Walters is gone now, but he was part of a wonderful adventure when a crew of Chicago short trackers took a Packard to Daytona in the early 1950s to go late-model racing on Bill France’s beach-road course.
Walters hooked up with Hank Salat, an old-time Hammond, Ind., mechanic, and they journeyed south that February to try their hand at NASCAR racing. Salat was something of a genius with Packards and built some very fast cars for the Chicago short tracks. The small Packard Clipper fastback with the 356-inch, nine-main-bearing engine was fearsomely fast and rugged.
For the beach-road events, the late models qualified through timed straightaway runs on the beach (a smart Bill France idea to tie modern racing to early beach-record attempts). Walters timed the Packard in the middle of the field, but he came back elated, saying, “We got the wrong gear in this thing! I was all wound out before I got into the timing trap.” They changed gears, and although they couldn’t time again, the car was noticeably faster, and they were excited about their chances in the Sunday race.

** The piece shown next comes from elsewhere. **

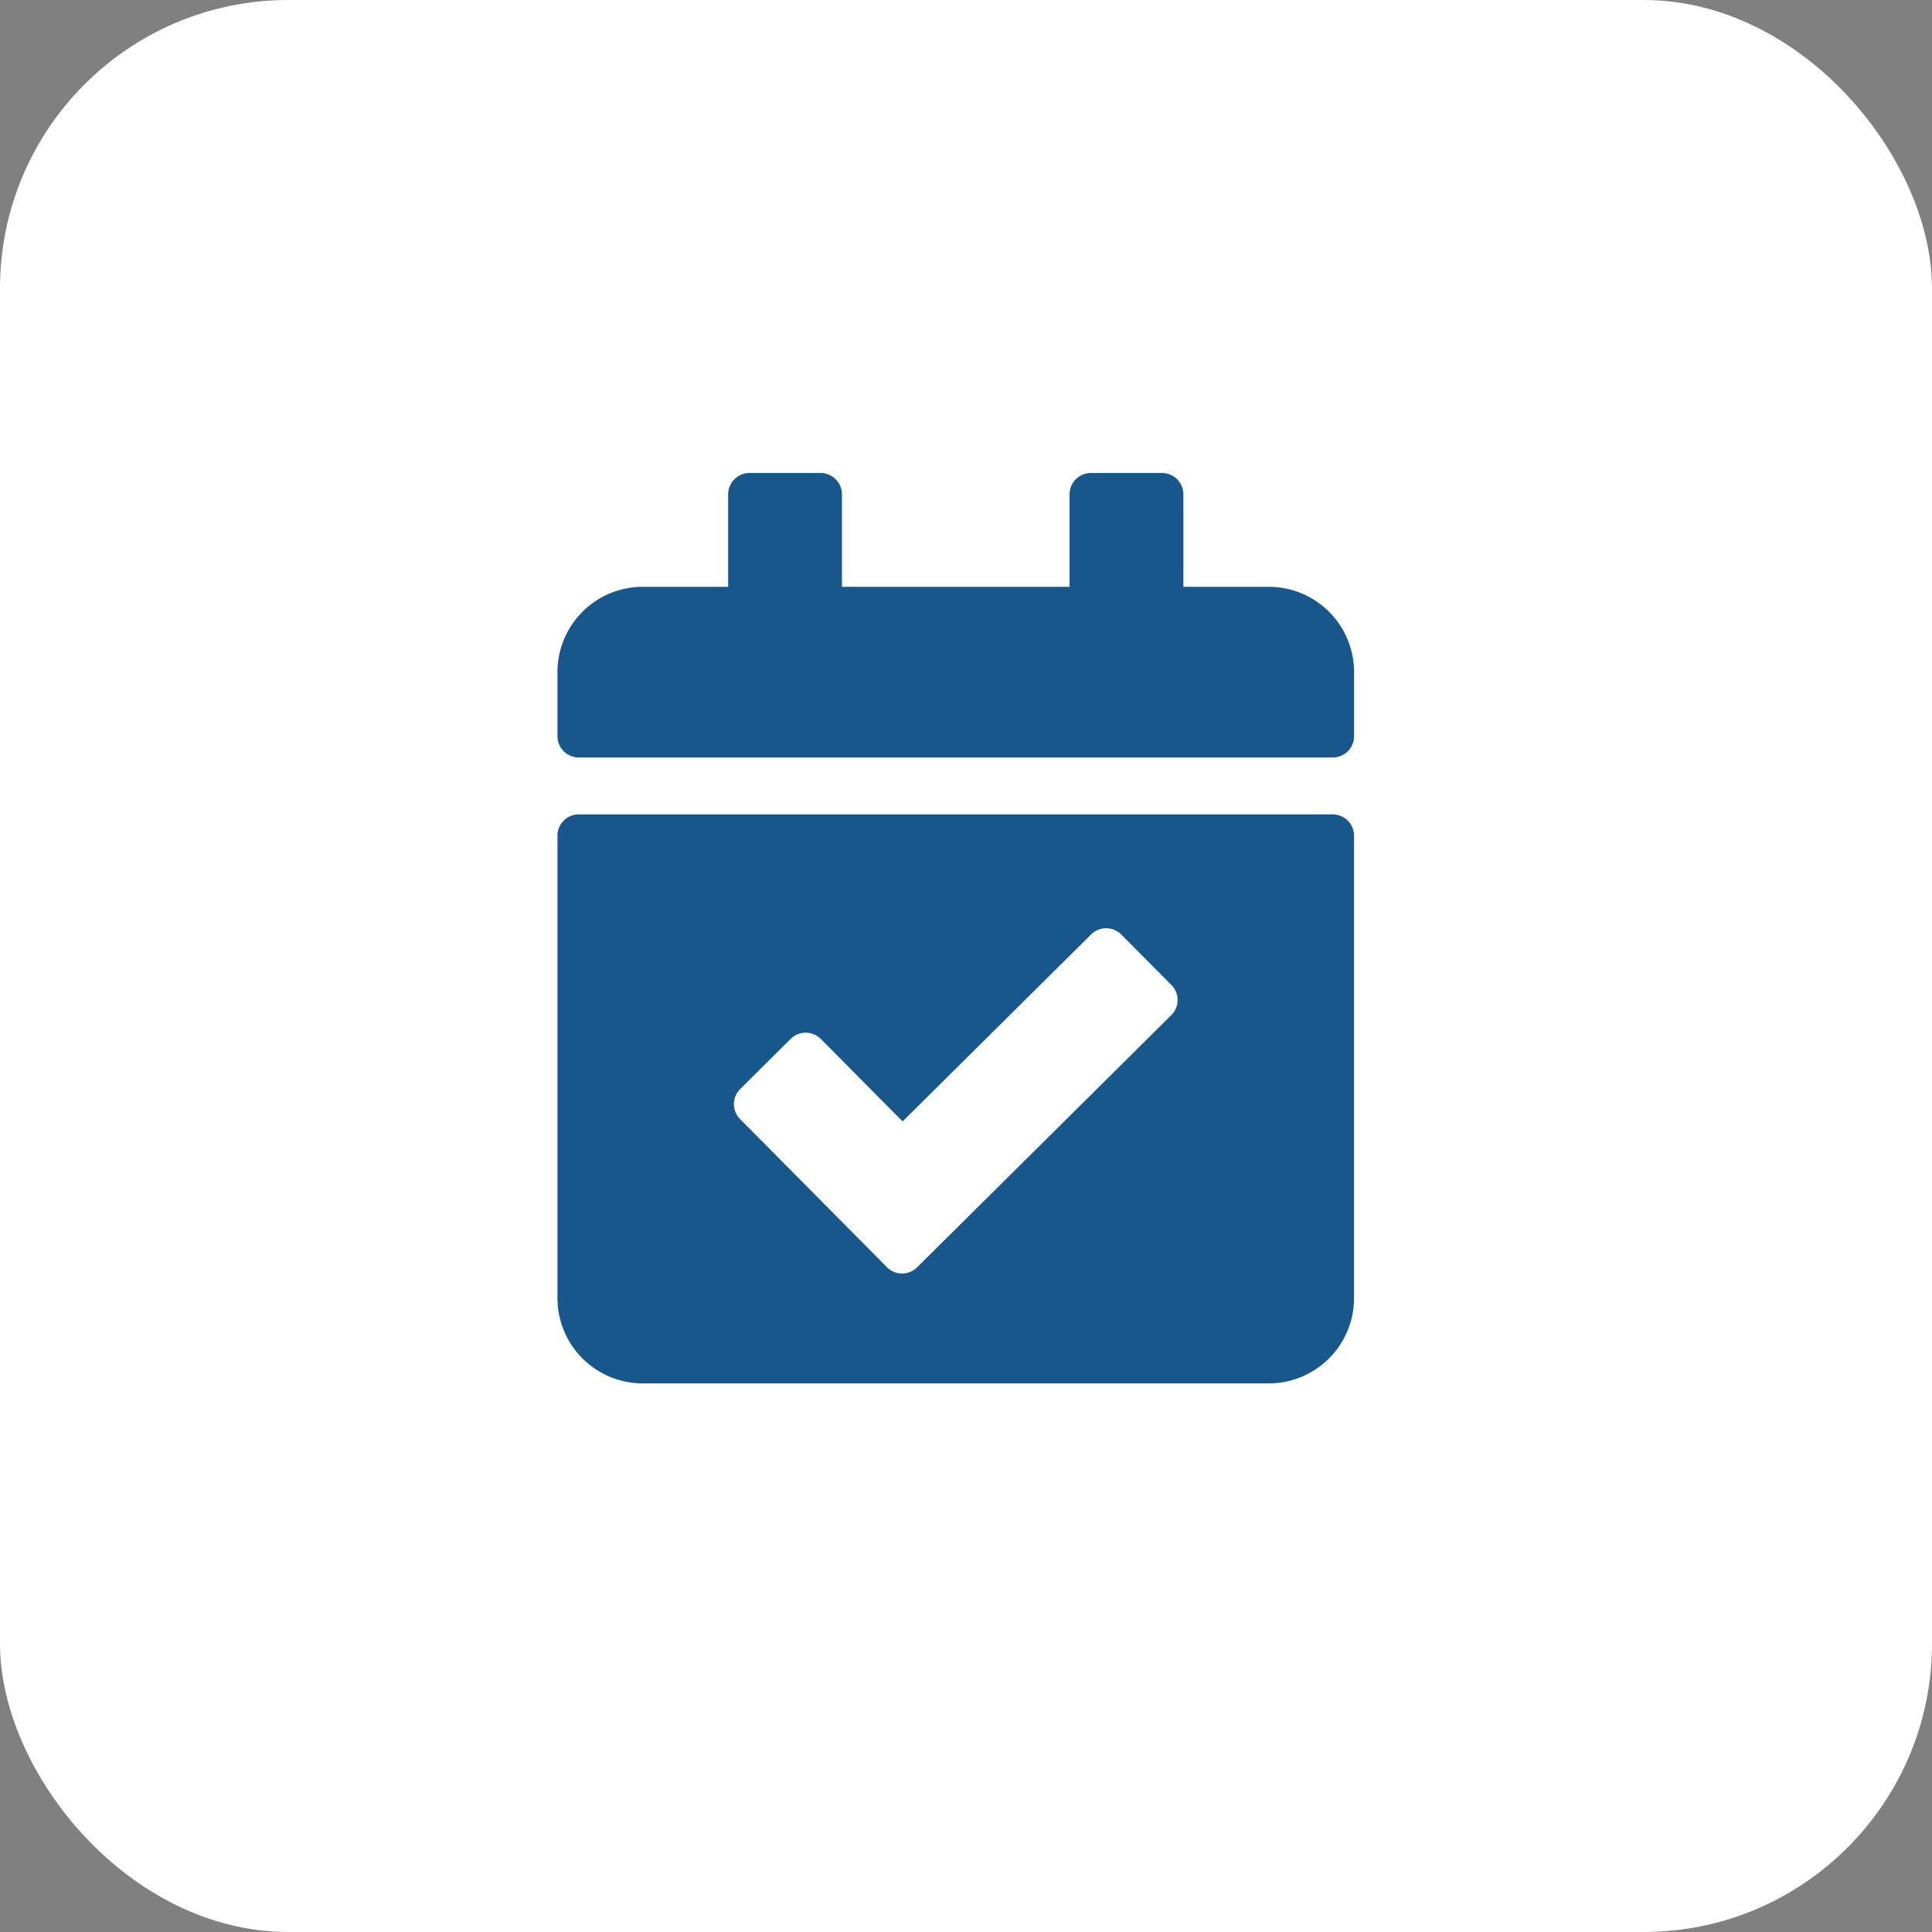 <?xml version="1.0" encoding="UTF-8"?> <svg xmlns="http://www.w3.org/2000/svg" id="DUWL_4-main-test-standardcheck-symbol-1-results_in_days-light-134px" data-name="DUWL_4-main-test-standardcheck-symbol-1-results in days-light-134px" width="134" height="134" viewBox="0 0 134 134"><rect x="0" y="0" width="134" height="134" fill="#808080" stroke="none"/><rect id="Rectangle_607" data-name="Rectangle 607" width="134" height="134" rx="20" fill="#fff"></rect><path id="Icon_awesome-calendar-check" data-name="Icon awesome-calendar-check" d="M53.77,19.732H1.48A1.48,1.48,0,0,1,0,18.252v-4.44a5.92,5.92,0,0,1,5.92-5.92h5.92V1.48A1.48,1.48,0,0,1,13.319,0h4.933a1.48,1.48,0,0,1,1.48,1.48V7.893H35.518V1.48A1.48,1.48,0,0,1,37,0h4.933a1.48,1.48,0,0,1,1.48,1.48V7.893h5.92a5.92,5.92,0,0,1,5.92,5.92v4.44A1.48,1.48,0,0,1,53.77,19.732ZM1.48,23.678H53.77a1.48,1.48,0,0,1,1.48,1.48V57.223a5.92,5.92,0,0,1-5.92,5.92H5.92A5.92,5.92,0,0,1,0,57.223V25.158A1.48,1.48,0,0,1,1.48,23.678Zm41.1,11.833-3.474-3.5A1.48,1.48,0,0,0,37.017,32L23.94,44.972l-5.67-5.716a1.48,1.48,0,0,0-2.093-.008l-3.5,3.474a1.48,1.48,0,0,0-.008,2.093L22.853,55.084a1.48,1.48,0,0,0,2.093.008L42.575,37.6a1.48,1.48,0,0,0,.008-2.093Z" transform="translate(38.664 32.807)" fill="#18578c"></path></svg>

Here’s the story of that beach-road race, as I recall Walters telling it many years ago. “We started in the middle of this big pack, and I just tried to stay with them and be careful through the north turn,” Walters said. “When I got southbound on the asphalt, I floored it, and that thing really took off. In a half mile the speedometer was pegged at 120, and I was still accelerating. The whole car was shaking. I could hardly hold on. I had never gone so fast in my life. I was thinking, ‘Wow, we’ve got a chance to win this thing,’ when all of a sudden, ‘Bang, bang, bang,’ something hits me in the rear. I look in the mirror, and there’s Dick Rathmann in one of them Hudson Hornets, motioning for me to get out of the way.”
The Packard broke an axle. They trailered it home and went back to the Chicago short tracks, savoring their adventure in the big time.  
The beach-road course was replaced by Daytona Int’l Speedway, and today the Chicago short tracks are all gone, recalled only by great memories like Happy Dan’s story.